I sent a simple email reply: "forgery". He wanted to know why, as it looked like the other Ruth autographs he had looked up, and it had this great COA attached to it. I told him that there were various characteristics that linked it to a forger who had been getting his wares authenticated by PSA and JSA for years. I have no idea when the forger created these pieces, or if he still does, but the point, I told him, is that the buyers don't care. As long as the piece has the COA it is a marketable item and will get traded as such. It might as well be a bitcoin.

bravos4evr
03-26-2018, 06:11 PM
you have a link for us to check it out? I'd love to take a peek!

Runscott
03-26-2018, 09:00 PM
No need.

There are a hundred balls like the one I'm alluding to. It's a well-known elephant in the room that no one is interested in dealing with - too much money is being made.

The last Ruth forgery baseball that I complained about here had a letter from a highly-respected authenticator, and the only person who said a word about it was one of the best friends of the authenticator, who bad-mouthed me and said that I don't have half the knowledge that his friend had. He's probably right - the difference is that I don't use what little knowledge I have to make money off of idiots. Everyone knew it was a forgery except the authenticator's friend. But all I heard here was crickets chirping.

I posted because I thought it was worth mentioning that there are non-collectors out there who think that because a ball is old and has a Ruth-like signature, a COA from a major auction house, and a $10K bidding war going on, that it must be real.

witster
03-26-2018, 10:51 PM
No need.

There are a hundred balls like the one I'm alluding to. It's a well-known elephant in the room that no one is interested in dealing with - too much money is being made.

The last Ruth forgery baseball that I complained about here had a letter from a highly-respected authenticator, and the only person who said a word about it was one of the best friends of the authenticator, who bad-mouthed me and said that I don't have half the knowledge that his friend had. He's probably right - the difference is that I don't use what little knowledge I have to make money off of idiots. Everyone knew it was a forgery except the authenticator's friend. But all I heard here was crickets chirping.

I posted because I thought it was worth mentioning that there are non-collectors out there who think that because a ball is old and has a Ruth-like signature, a COA from a major auction house, and a $10K bidding war going on, that it must be real.


You at least had the balls to say something. You can't save the unwilling. witster

mrmopar
03-26-2018, 10:57 PM
Anyone dropping that kind of money on something that have no clue about either has so much money that they don't care or they are destined to go broke from foolish decisions.



I posted because I thought it was worth mentioning that there are non-collectors out there who think that because a ball is old and has a Ruth-like signature, a COA from a major auction house, and a $10K bidding war going on, that it must be real.

Bpm0014
03-27-2018, 07:01 AM
I'd love to see a pic...

Topnotchsy
03-27-2018, 08:53 AM
No need.


There are definitely many people out here who do care and may not be educated.
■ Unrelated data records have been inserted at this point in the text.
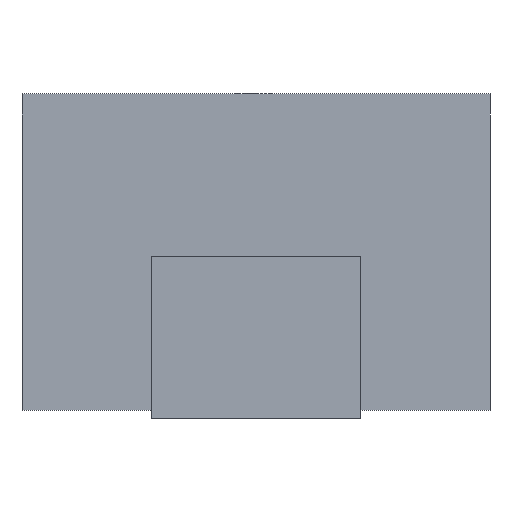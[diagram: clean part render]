
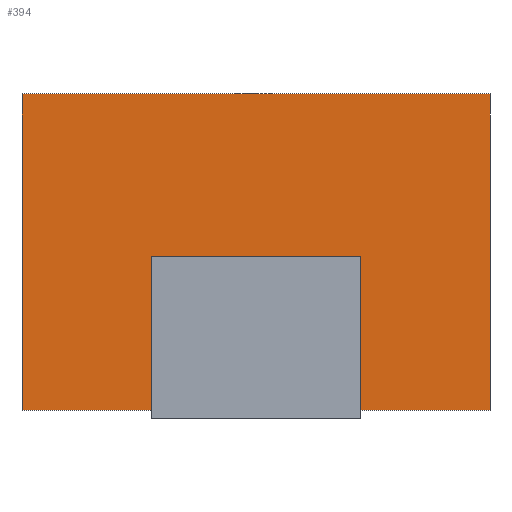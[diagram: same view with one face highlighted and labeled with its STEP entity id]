
A CAD part, left-side view. The second image highlights one B-rep face of the part: STEP entity #394.
In plain terms, the highlighted planar face has unit normal (-1, 0, 0).
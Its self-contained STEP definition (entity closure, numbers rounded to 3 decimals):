
#260=CARTESIAN_POINT('',(-1.994,-1.448,0.051));
#259=VERTEX_POINT('',#260);
#278=CARTESIAN_POINT('',(-1.994,-1.448,2.007));
#277=VERTEX_POINT('',#278);
#286=EDGE_CURVE('',#259,#277,#291,.T.);
#291=LINE('',#260,#293);
#293=VECTOR('',#294,1.956);
#294=DIRECTION('',(0.0,0.0,1.0));
#356=CARTESIAN_POINT('',(-1.994,1.448,0.051));
#355=VERTEX_POINT('',#356);
#366=CARTESIAN_POINT('',(-1.994,1.448,2.007));
#365=VERTEX_POINT('',#366);
#364=EDGE_CURVE('',#365,#355,#369,.T.);
#369=LINE('',#366,#371);
#371=VECTOR('',#372,1.956);
#372=DIRECTION('',(0.0,0.0,-1.0));
#394=ADVANCED_FACE('',(#400),#395,.T.);
#395=PLANE('',#396);
#396=AXIS2_PLACEMENT_3D('',#397,#398,#399);
#397=CARTESIAN_POINT('',(-1.994,1.448,0.051));
#398=DIRECTION('',(-1.0,0.0,0.0));
#399=DIRECTION('',(0.,0.,1.));
#400=FACE_OUTER_BOUND('',#401,.T.);
#401=EDGE_LOOP('',(#402,#412,#422,#432));
#403=EDGE_CURVE('',#259,#355,#408,.T.);
#408=LINE('',#260,#410);
#410=VECTOR('',#411,2.896);
#411=DIRECTION('',(0.0,1.0,0.0));
#402=ORIENTED_EDGE('',*,*,#403,.F.);
#412=ORIENTED_EDGE('',*,*,#286,.T.);
#423=EDGE_CURVE('',#365,#277,#428,.T.);
#428=LINE('',#366,#430);
#430=VECTOR('',#431,2.896);
#431=DIRECTION('',(0.0,-1.0,0.0));
#422=ORIENTED_EDGE('',*,*,#423,.F.);
#432=ORIENTED_EDGE('',*,*,#364,.T.);
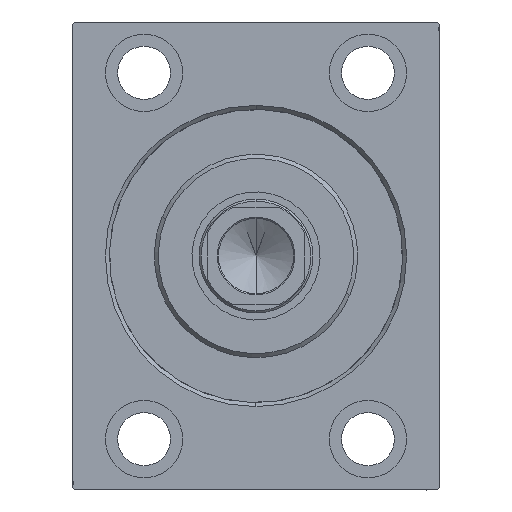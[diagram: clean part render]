
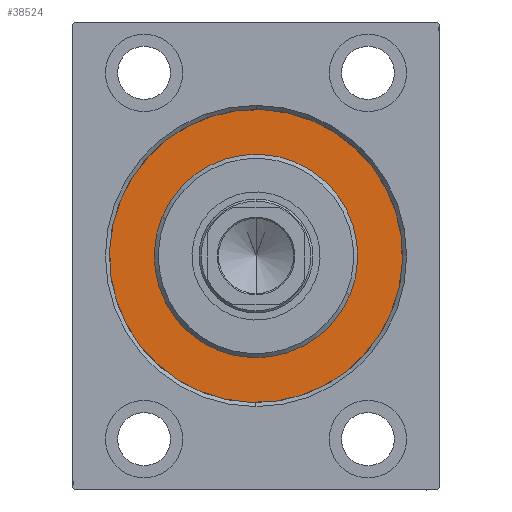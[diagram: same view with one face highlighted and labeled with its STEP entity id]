
A CAD part, left-side view. The second image highlights one B-rep face of the part: STEP entity #38524.
In plain terms, the highlighted face is planar.
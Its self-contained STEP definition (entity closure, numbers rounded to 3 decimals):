
#1605 = EDGE_CURVE ( 'NONE', #25520, #20967, #22356, .T. ) ;
#2511 = DIRECTION ( 'NONE',  ( 0., 0., -1. ) ) ;
#3110 = AXIS2_PLACEMENT_3D ( 'NONE', #22597, #5191, #2511 ) ;
#4974 = DIRECTION ( 'NONE',  ( -1., 0., 0. ) ) ;
#5191 = DIRECTION ( 'NONE',  ( 1., 0., 0. ) ) ;
#9539 = VERTEX_POINT ( 'NONE', #35236 ) ;
#12106 = FACE_BOUND ( 'NONE', #35391, .T. ) ;
#12238 = DIRECTION ( 'NONE',  ( -1., 0., 0. ) ) ;
#13579 = CIRCLE ( 'NONE', #42791, 36. ) ;
#14725 = ORIENTED_EDGE ( 'NONE', *, *, #33451, .F. ) ;
#15017 = DIRECTION ( 'NONE',  ( 0., 0., 1. ) ) ;
#15502 = EDGE_CURVE ( 'NONE', #20967, #25520, #27279, .T. ) ;
#15712 = CARTESIAN_POINT ( 'NONE',  ( 0., 0., 25. ) ) ;
#15807 = DIRECTION ( 'NONE',  ( 0., 0., 1. ) ) ;
#16550 = ORIENTED_EDGE ( 'NONE', *, *, #1605, .F. ) ;
#20967 = VERTEX_POINT ( 'NONE', #15712 ) ;
#22356 = CIRCLE ( 'NONE', #3110, 25. ) ;
#22597 = CARTESIAN_POINT ( 'NONE',  ( 0., 0., 0. ) ) ;
#22740 = CIRCLE ( 'NONE', #25566, 36. ) ;
#23152 = CARTESIAN_POINT ( 'NONE',  ( 0., 0., 0. ) ) ;
#23507 = DIRECTION ( 'NONE',  ( -1., 0., 0. ) ) ;
#25520 = VERTEX_POINT ( 'NONE', #35907 ) ;
#25566 = AXIS2_PLACEMENT_3D ( 'NONE', #29415, #12238, #15807 ) ;
#26155 = EDGE_CURVE ( 'NONE', #42937, #9539, #13579, .T. ) ;
#26278 = DIRECTION ( 'NONE',  ( 1., 0., 0. ) ) ;
#27279 = CIRCLE ( 'NONE', #41487, 25. ) ;
#29415 = CARTESIAN_POINT ( 'NONE',  ( 0., 0., 0. ) ) ;
#32320 = CARTESIAN_POINT ( 'NONE',  ( 0., 0., -36. ) ) ;
#32626 = PLANE ( 'NONE',  #40503 ) ;
#33451 = EDGE_CURVE ( 'NONE', #9539, #42937, #22740, .T. ) ;
#33757 = CARTESIAN_POINT ( 'NONE',  ( 0., 0., 0. ) ) ;
#35236 = CARTESIAN_POINT ( 'NONE',  ( 0., 0., 36. ) ) ;
#35391 = EDGE_LOOP ( 'NONE', ( #35805, #16550 ) ) ;
#35805 = ORIENTED_EDGE ( 'NONE', *, *, #15502, .F. ) ;
#35907 = CARTESIAN_POINT ( 'NONE',  ( 0., 0., -25. ) ) ;
#36200 = FACE_OUTER_BOUND ( 'NONE', #43979, .T. ) ;
#38524 = ADVANCED_FACE ( 'NONE', ( #12106, #36200 ), #32626, .F. ) ;
#40223 = DIRECTION ( 'NONE',  ( 0., 0., 1. ) ) ;
#40503 = AXIS2_PLACEMENT_3D ( 'NONE', #42430, #4974, #15017 ) ;
#41487 = AXIS2_PLACEMENT_3D ( 'NONE', #23152, #26278, #42994 ) ;
#42430 = CARTESIAN_POINT ( 'NONE',  ( 0., 0., 0. ) ) ;
#42628 = ORIENTED_EDGE ( 'NONE', *, *, #26155, .F. ) ;
#42791 = AXIS2_PLACEMENT_3D ( 'NONE', #33757, #23507, #40223 ) ;
#42937 = VERTEX_POINT ( 'NONE', #32320 ) ;
#42994 = DIRECTION ( 'NONE',  ( 0., 0., -1. ) ) ;
#43979 = EDGE_LOOP ( 'NONE', ( #42628, #14725 ) ) ;

In my mind there are 2 reasons for “need”
1) as mentioned, to educate those who are not in the know
2) you are making a pretty big claim here but one that is impossible to judge or consider. Without any images or anything, no other experts can comment and/or agree or disagree. I’m not sure of the point of this post if you aren’t willing to at least point to an item specifically...

MGHPro
03-27-2018, 09:29 AM
Was the ball personalized ?

earlywynnfan
03-27-2018, 10:52 AM
I recently had a non-baseball friend send me a link to a Ruth-signed baseball that was up around $10K in the bidding. He was very excited about the price it was getting.

I sent a simple email reply: "forgery". He wanted to know why, as it looked like the other Ruth autographs he had looked up, and it had this great COA attached to it. I told him that there were various characteristics that linked it to a forger who had been getting his wares authenticated by PSA and JSA for years. I have no idea when the forger created these pieces, or if he still does, but the point, I told him, is that the buyers don't care. As long as the piece has the COA it is a marketable item and will get traded as such. It might as well be a bitcoin.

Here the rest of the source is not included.